Pertempuran itu singkat dan menentukan. Jago bergerak seperti bayangan di antara goblin-goblin, melumpuhkan mereka dengan pukulan presisi atau menembak jatuh mereka dengan pistolnya yang sangat akurat. Pasukan patroli yang dipimpinnya bergerak dengan disiplin, menembak goblin-goblin yang mencoba melarikan diri. Dalam waktu singkat, desa goblin itu telah "dibersihkan," dan ancaman mereka dihilangkan.
Jago segera mendekati kandang-kandang tempat manusia-manusia malang itu ditawan. Ada sekitar dua puluh orang, kurus, lemah, dan ketakutan. Jago membebaskan mereka dan berbicara dengan suara mekanisnya yang lembut. "Anda aman sekarang. Kalian akan ikut kami ke Desa Naga Langit. Kalian akan diterima di sana."
Para manusia yang baru diselamatkan itu menatap Jago, sosok berwajah tampan dengan mata biru terang, dan para prajurit bersenjata aneh di belakangnya. Mereka masih trauma, tetapi ada secercah harapan di mata mereka.
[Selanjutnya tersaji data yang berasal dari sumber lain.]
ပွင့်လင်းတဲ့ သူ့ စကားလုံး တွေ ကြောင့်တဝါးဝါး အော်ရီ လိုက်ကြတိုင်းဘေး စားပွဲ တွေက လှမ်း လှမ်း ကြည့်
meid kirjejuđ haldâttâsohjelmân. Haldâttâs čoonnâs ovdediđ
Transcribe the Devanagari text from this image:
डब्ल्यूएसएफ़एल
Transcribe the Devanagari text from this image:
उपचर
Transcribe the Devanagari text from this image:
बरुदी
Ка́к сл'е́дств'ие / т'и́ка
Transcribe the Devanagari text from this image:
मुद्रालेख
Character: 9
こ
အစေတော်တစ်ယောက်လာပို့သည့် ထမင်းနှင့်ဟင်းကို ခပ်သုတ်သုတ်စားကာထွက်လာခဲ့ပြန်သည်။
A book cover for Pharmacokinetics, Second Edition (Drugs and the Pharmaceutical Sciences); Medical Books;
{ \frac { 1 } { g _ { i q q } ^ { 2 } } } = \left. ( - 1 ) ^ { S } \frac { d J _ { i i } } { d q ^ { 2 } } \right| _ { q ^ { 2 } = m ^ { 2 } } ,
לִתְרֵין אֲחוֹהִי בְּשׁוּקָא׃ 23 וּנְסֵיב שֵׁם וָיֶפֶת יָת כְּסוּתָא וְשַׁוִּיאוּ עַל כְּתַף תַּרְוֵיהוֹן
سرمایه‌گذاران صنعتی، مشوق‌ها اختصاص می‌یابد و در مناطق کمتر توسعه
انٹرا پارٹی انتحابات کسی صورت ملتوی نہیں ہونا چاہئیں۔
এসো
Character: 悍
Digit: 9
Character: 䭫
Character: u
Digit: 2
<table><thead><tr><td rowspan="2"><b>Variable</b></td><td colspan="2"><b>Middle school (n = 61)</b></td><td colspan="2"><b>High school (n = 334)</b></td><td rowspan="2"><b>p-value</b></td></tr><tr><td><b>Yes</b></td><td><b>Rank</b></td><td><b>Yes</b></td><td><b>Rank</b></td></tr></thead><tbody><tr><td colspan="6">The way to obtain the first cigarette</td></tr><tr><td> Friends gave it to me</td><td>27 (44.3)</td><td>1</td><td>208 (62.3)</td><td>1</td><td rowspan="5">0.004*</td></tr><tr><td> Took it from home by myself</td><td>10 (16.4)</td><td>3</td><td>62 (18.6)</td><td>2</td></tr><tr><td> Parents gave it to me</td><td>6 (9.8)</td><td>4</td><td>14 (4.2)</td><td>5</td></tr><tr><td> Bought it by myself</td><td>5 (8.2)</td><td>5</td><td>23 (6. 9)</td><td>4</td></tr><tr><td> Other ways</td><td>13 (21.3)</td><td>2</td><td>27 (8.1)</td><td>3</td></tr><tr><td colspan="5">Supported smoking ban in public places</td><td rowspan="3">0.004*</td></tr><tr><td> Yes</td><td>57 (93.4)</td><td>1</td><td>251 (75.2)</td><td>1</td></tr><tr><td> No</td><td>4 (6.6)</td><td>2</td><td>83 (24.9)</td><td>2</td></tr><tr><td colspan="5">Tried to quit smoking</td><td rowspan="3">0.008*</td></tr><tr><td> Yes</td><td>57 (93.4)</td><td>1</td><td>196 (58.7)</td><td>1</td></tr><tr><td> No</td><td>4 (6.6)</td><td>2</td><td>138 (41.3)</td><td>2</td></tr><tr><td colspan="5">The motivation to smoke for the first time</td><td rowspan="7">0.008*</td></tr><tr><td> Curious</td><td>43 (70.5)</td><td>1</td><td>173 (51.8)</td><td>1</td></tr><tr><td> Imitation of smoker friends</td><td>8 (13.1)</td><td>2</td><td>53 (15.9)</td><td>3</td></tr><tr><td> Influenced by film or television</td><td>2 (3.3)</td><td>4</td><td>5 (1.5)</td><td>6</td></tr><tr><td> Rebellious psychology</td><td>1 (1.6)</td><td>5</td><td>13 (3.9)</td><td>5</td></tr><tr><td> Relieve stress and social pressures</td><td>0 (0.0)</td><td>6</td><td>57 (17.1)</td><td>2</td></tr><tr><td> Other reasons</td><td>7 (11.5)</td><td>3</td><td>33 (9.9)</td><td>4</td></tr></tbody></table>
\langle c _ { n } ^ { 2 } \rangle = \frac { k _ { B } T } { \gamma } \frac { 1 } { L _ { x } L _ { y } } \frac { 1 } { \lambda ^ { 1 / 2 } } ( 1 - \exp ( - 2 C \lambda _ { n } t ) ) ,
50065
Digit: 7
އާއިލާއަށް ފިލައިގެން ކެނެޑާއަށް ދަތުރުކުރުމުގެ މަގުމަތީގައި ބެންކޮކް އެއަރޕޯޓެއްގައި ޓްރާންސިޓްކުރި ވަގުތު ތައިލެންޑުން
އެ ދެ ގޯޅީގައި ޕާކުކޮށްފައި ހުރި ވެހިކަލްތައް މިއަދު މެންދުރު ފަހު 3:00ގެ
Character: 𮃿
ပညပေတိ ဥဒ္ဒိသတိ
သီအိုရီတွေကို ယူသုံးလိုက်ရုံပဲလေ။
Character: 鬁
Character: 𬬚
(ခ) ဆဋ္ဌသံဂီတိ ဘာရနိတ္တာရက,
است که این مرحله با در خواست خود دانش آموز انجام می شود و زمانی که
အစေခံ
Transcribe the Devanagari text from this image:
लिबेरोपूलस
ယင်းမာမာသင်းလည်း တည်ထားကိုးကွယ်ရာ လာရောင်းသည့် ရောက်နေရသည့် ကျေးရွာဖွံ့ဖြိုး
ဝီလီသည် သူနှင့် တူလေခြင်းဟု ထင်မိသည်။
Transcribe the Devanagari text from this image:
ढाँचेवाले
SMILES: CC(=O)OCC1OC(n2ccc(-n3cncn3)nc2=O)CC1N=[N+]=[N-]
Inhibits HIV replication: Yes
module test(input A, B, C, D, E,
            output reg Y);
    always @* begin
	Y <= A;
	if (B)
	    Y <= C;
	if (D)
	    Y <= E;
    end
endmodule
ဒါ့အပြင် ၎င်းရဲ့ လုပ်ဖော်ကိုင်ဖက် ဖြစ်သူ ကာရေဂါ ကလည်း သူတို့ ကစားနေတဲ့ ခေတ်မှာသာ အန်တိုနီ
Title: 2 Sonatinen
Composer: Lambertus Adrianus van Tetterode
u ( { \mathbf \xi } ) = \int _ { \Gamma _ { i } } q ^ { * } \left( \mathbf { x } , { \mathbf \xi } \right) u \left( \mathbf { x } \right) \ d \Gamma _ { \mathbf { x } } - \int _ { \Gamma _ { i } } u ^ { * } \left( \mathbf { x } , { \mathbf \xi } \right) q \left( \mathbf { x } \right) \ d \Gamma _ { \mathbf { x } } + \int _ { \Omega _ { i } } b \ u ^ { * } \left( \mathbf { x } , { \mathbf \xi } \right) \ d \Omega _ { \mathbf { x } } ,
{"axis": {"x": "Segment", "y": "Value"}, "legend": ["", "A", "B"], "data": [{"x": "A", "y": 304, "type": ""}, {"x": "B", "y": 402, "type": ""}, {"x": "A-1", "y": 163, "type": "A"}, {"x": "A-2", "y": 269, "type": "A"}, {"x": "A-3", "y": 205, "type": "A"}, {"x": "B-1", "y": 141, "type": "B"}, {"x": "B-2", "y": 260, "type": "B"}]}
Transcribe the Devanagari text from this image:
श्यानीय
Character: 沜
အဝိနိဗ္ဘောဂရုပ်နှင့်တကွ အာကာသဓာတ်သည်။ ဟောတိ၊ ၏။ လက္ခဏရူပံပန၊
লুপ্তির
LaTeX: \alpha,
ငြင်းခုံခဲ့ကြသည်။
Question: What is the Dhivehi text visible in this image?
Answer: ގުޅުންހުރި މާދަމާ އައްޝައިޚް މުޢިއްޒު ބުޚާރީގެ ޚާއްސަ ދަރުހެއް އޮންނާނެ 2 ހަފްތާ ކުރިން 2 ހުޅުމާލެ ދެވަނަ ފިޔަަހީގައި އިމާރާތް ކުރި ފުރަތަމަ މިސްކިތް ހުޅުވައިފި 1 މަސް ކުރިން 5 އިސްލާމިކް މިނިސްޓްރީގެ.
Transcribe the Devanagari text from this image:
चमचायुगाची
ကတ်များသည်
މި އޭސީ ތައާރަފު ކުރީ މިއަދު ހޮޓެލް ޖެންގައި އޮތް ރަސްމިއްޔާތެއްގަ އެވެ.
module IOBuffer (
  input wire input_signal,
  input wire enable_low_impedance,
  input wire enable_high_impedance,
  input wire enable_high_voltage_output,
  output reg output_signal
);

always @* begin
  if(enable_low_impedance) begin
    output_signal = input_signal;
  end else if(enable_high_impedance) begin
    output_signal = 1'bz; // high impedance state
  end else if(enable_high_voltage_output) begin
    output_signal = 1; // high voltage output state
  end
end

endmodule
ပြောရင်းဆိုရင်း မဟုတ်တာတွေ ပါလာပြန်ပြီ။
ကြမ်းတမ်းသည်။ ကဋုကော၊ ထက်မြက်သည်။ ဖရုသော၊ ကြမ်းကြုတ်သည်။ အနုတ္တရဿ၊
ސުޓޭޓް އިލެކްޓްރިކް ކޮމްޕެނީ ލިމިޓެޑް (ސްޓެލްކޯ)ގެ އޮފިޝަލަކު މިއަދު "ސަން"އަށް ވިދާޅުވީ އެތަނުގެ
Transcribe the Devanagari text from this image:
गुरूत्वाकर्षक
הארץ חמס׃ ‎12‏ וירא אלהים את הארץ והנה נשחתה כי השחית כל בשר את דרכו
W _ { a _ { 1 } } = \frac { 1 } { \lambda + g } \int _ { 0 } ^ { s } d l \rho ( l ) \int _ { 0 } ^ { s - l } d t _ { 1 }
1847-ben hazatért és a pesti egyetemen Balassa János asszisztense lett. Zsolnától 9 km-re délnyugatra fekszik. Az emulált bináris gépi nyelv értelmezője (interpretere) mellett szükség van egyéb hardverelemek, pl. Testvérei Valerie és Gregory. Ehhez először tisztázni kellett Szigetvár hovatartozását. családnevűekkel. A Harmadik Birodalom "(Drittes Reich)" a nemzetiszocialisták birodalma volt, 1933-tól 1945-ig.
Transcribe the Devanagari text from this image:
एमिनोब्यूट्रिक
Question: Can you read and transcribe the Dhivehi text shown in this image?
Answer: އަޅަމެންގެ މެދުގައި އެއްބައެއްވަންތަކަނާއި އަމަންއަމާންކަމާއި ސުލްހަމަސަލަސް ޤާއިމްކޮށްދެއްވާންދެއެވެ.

Ketika mereka tiba di Desa Naga Langit, mereka terkesima.
Mereka melihat jalanan batu marmer yang mulus, lampu-lampu jalan yang menyala terang di malam hari, rumah-rumah modern dengan suhu yang nyaman di segala musim, tembok-tembok benteng yang menjulang kokoh dan dijaga ketat, dan yang paling mengejutkan, makanan yang berlimpah ruah—daging empuk, sayuran segar, dan buah-buahan yang manis. Mereka belum pernah melihat kemewahan dan keamanan seperti ini seumur hidup mereka. Desa Naga Langit terasa seperti surga di tengah neraka.
"Ini... ini sungguh nyata?" bisik seorang wanita yang diselamatkan, matanya berkaca-kaca melihat anak-anak bermain tanpa rasa takut.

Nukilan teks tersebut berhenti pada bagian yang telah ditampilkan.